View intermediate results
The autokill program uses the pipeline processing method. To view the intermediate results, you can disconnect the pipeline in sequence.
Step 1: PS-ef
Step 2: PS-Ef | awk '{print $1, $2, $7, $8 }'
Step 3: PS-Ef | awk '{print $1, $2, $7, $8}' |
Awk '/[0-9] [0-9]: [0-9] [0-9]: [1-9] [0-9]/{print $1, $2, $3, $4 }'
Step 4: PS-Ef | awk '{print $1, $2, $7, $8}' |
Awk '/[0-9] [0-9]: [0-9] [0-9]: [1-9] [0-9]/{print $1, $2, $3, $4} '|
Awk '! /Root/{print "Kill-9" $2} '>/tmp/k_kill
Finally, view the/tmp/k_kill file.
In addition, if you only want to automatically kill a process executed by a user (such as jdc3206), you only need to set the mode "! Change/root/"to"/jdc3206/". If you only want to kill the process that executes a command (such as Xinmu), set the mode to"! /Root/"to"/Xinmu.

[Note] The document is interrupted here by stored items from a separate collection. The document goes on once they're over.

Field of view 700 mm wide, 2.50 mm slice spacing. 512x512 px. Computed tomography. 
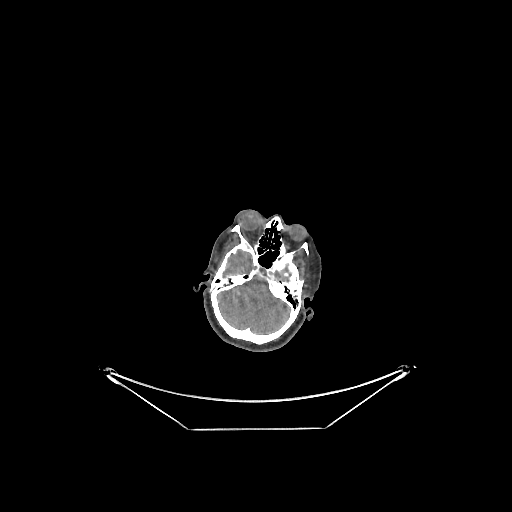 3 brain regions appear at l=274, t=266, r=291, b=281; l=217, t=274, r=290, b=334; l=223, t=249, r=254, b=277.
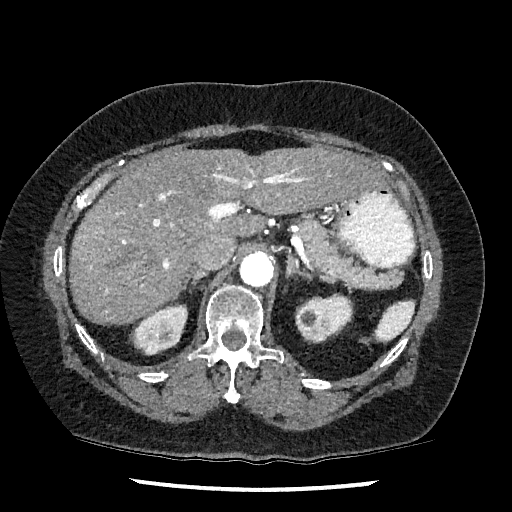
Abdomen. 512x512. Computed tomography.

kidney:
  - left=300, top=296, right=351, bottom=341
  - left=135, top=305, right=186, bottom=354
liver:
  - left=69, top=148, right=386, bottom=323
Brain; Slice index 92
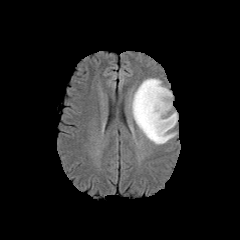
FLAIR MRI.
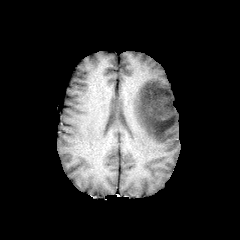
T1-weighted magnetic resonance.
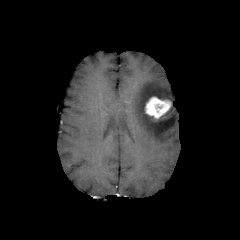
Post-contrast T1-weighted magnetic resonance.
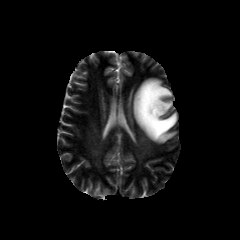
Same slice, T2-weighted MR image.
enhancing_tumor:
  - {"x1": 145, "y1": 96, "x2": 172, "y2": 120}
edema:
  - {"x1": 131, "y1": 78, "x2": 177, "y2": 144}

Finally, use crontab-e to add a cron job.
0, 30 */tmp/autokill
What if the kill command fails?
After the preceding steps, the system executes/tmp/autokill every 30 minutes. However, in Unix systems, some dead processes cannot be killed by the kill command. This requires a reboot of the machine. On the one hand, the system garbage is cleared, and on the other hand, resources need to be re-allocated. The central operation mode is adopted, and the machine cannot be switched on or off at will. The machine can be switched on and off until the user does not use the machine at night. Write a shell program to enable the machine to automatically switch on and off. The following is the AutoReboot script.
#
# AutoReboot
#
Path =/bin:/etc:/usr/bin:/TCB/bin:/usr/Informix/bin
Informixdir =/usr/Informix
Informixserver = da3206a
Onconfig = onconfig. YCA
Export path informixdir informixserver onconfig
Onmode-ky
Sync
Sync
Reboot
The first five lines of the AutoReboot program are to set the Informix system environment. The onmode-ky command is to disable the Informix online database, and the command sync is the Unix File System superblock write-back, the Reboot Command is a system restart command in a UNIX system.
Run the crontab-e command to add a cron job 30 6 ***/tmp/auto_boot.
This command causes the system to re-switch the machine at every day. If you are using a dual-host system, you have to re-switch the machine on both machines. The time is set to be consistent.